VV-November-web-2012.pdf
event will warm your heart and relax your body. Don't miss. this opportunity to de-stress during the hectic holiday season. Dec 13 - Dirty Santa Gift Exchange ...

vv.43-45a 2. Know God's
Mar 26, 2017 - Ask God to soften their hearts and allow their spiritual eyes to be opened to His grace and forgiveness. Ask God to reveal His unconditional love to them through you. 2. Read 1 John 4:7, Luke 6:27-32, Romans 12:14-21, Proverbs 25:21-22

vv.43-45a 2. Know God's
Mar 26, 2017 - At Home Study Guide. For the week March 26, 2017. Love for Enemies • Matthew 5:43-48. Quick Review. Continuing in our Red Letters sermon ...

VV Disposal Pickup Areas
M e s q u ite. H e ig h ts. R o a d. Falcon Ridge Parkway.

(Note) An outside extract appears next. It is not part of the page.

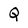
Character: Q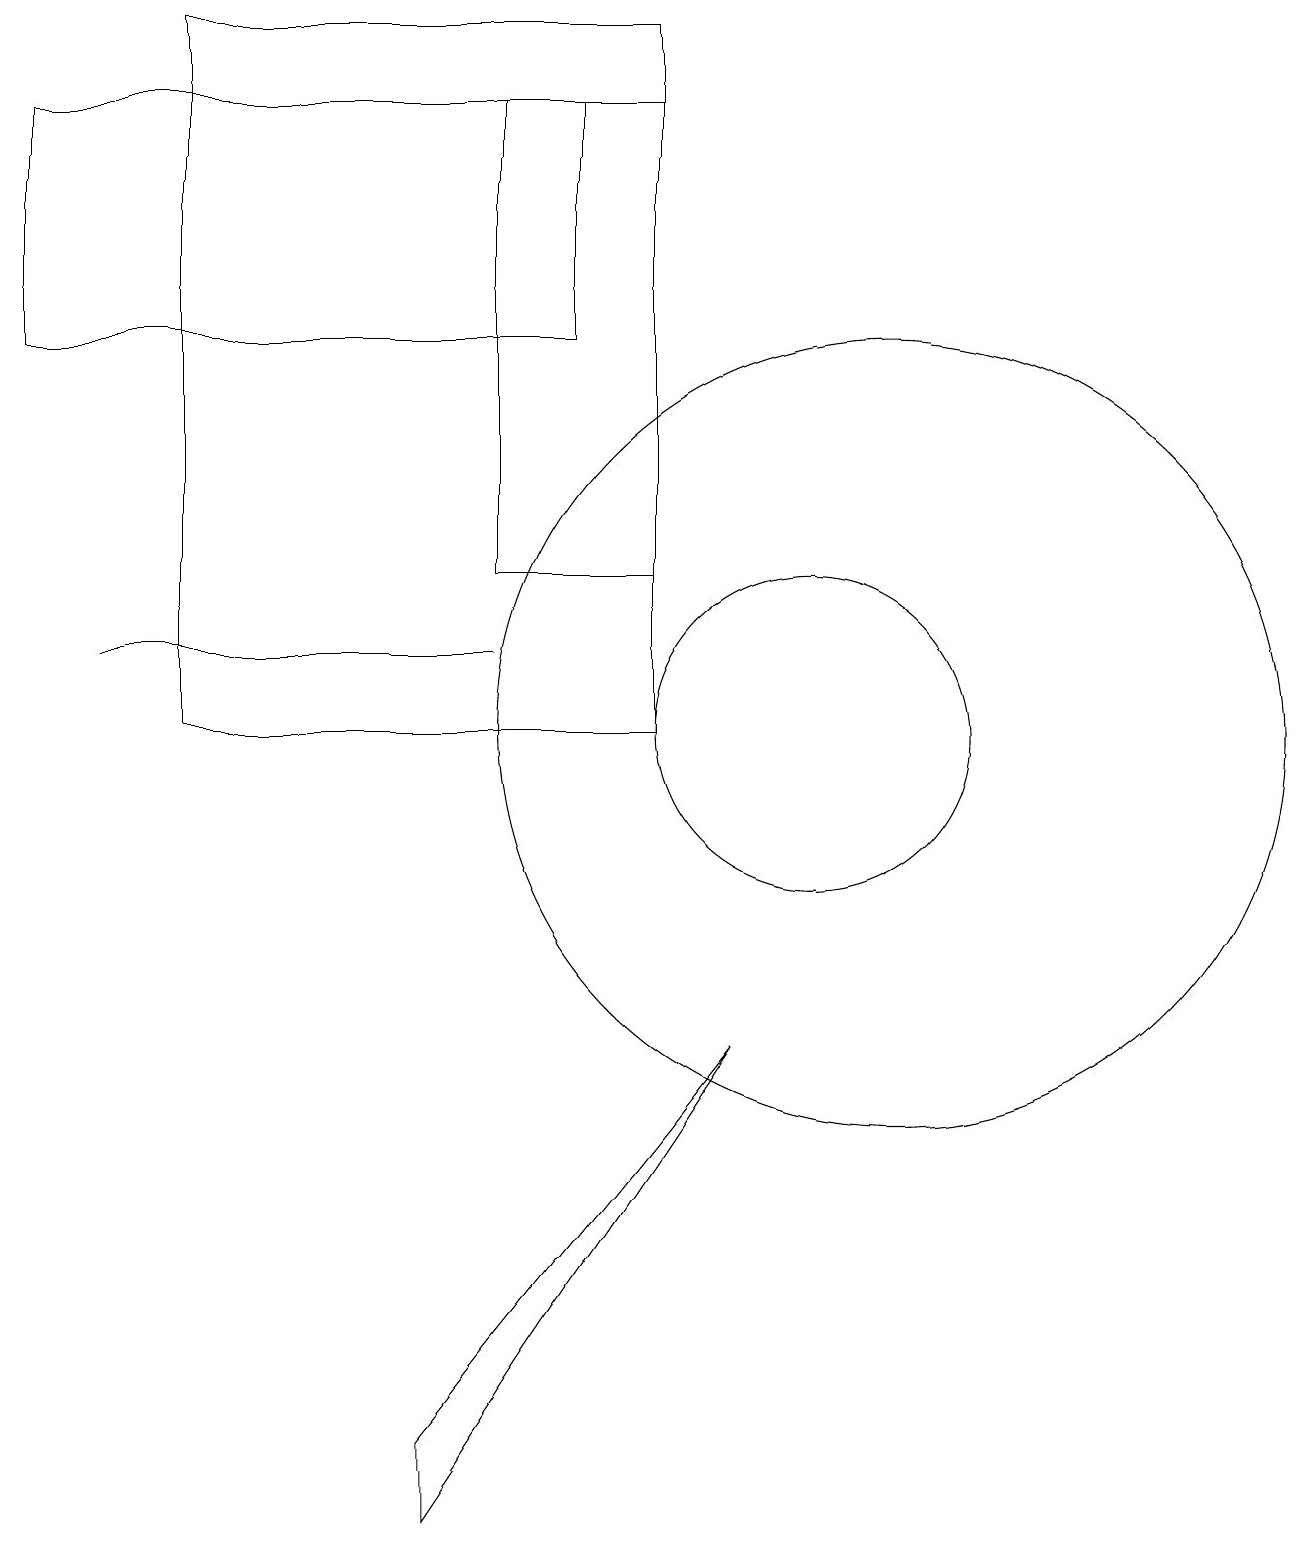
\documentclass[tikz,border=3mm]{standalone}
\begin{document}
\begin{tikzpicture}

Pioneer Boulevard. Hardy Way. H o rizo n. B o u le v a rd. East Mesquite Boulevard. East Old Mill Road. Hafen Lane. R iv e rs id e. R o a d. West Mesquite Boulevard. Hafen Lane. F a lc o n. R

vv. 17-20 2. what they say
Feb 26, 2017 - day reading His Word and seeking His face through prayer. 3. During ... Live in Authenfic Relafionship: acknowledge your disappointments; go.

vv. 38-39 2. Give them the
Mar 19, 2017 - questions to help guide you in responding to Jesus' message from ... have you learned about yourself from the sermon and reading of the text?

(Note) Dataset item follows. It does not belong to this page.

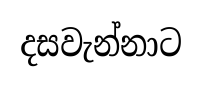
දසවැන්නාට

vv. 38-39 2. Give them the
Mar 19, 2017 - 3. Ask God to bring to mind a person who is acting unfairly toward you. Instead of begrudgingly doing what they ask, offer them mercy by going a second mile even when it's not required. 4. Offer grace this week to a person by giving th

vv. 17-20 2. what they say
Feb 26, 2017 - At Home Study Guide. For the week February 26, 2017. “1st Degree Murder” • Matthew 5:17-26. Quick Review. This week we continue our Red Letters sermon series from Matthew 5:17-26. This is Jesus' longest recorded sermon in the New

VV-Mar-2012-Website.pdf
Casino Royale Donations. Volunteer of the Month. 10. Father Daughter Dance. Lost & Found. 10-15. Advertising Support. Thank you to all of our. advertisers and.

Srinivasan, Prashanth - 2006 - Preferential routes of bird dispersal to ...
Page 1 of 6. 114 Indian Birds Vol. 2 No. 5 (September–October 2006). Preferential routes of bird dispersal to the Western Ghats in India: An explanation for the avifaunal peculiarities of the Biligirirangan Hills. Umesh Srinivasan & Prashanth N.S..

R Dayananda Babu - Clinical Surgery Pearls.pdf
R Dayananda Babu - Clinical Surgery Pearls.pdf. R Dayananda Babu - Clinical Surgery Pearls.pdf. Open. Extract. Open with. Sign In. Main menu. Displaying R ...

Digital Signal Processing by Ramesh Babu and C Durai.pdf ...
Page 3 of 4. Digital Signal Processing by Ramesh Babu and C Durai.pdf. Digital Signal Processing by Ramesh Babu and C Durai.pdf. Open. Extract. Open with.

Digital Signal Processing by Ramesh Babu and C Durai.pdf ...
Page 3 of 76. Digital Signal Processing by Ramesh Babu and C Durai.pdf. Digital Signal Processing by Ramesh Babu and C Durai.pdf. Open. Extract. Open with.

ASP-.net-notes-by-MAHESH-Babu-industry-expert-pdf-tutorial.pdf
Retrying... ASP-.net-notes-by-MAHESH-Babu-industry-expert-pdf-tutorial.pdf. ASP-.net-notes-by-MAHESH-Babu-industry-expert-pdf-tutorial.pdf. Open. Extract.

R Dayananda Babu - Clinical Surgery Pearls.pdf
Page 3 of 665. Clinical Surgery Pearls. R Dayananda Babu MS MNAMS FAES. Professor of Surgery. Pushpagiri Medical College. Tiruvalla, Kerala. India.

Thong bao vv chi co tuc 2016.pdf
Download. Connect more apps... Try one of the apps below to open or edit this item. Thong bao vv chi co tuc 2016.pdf. Thong bao vv chi co tuc 2016.pdf. Open.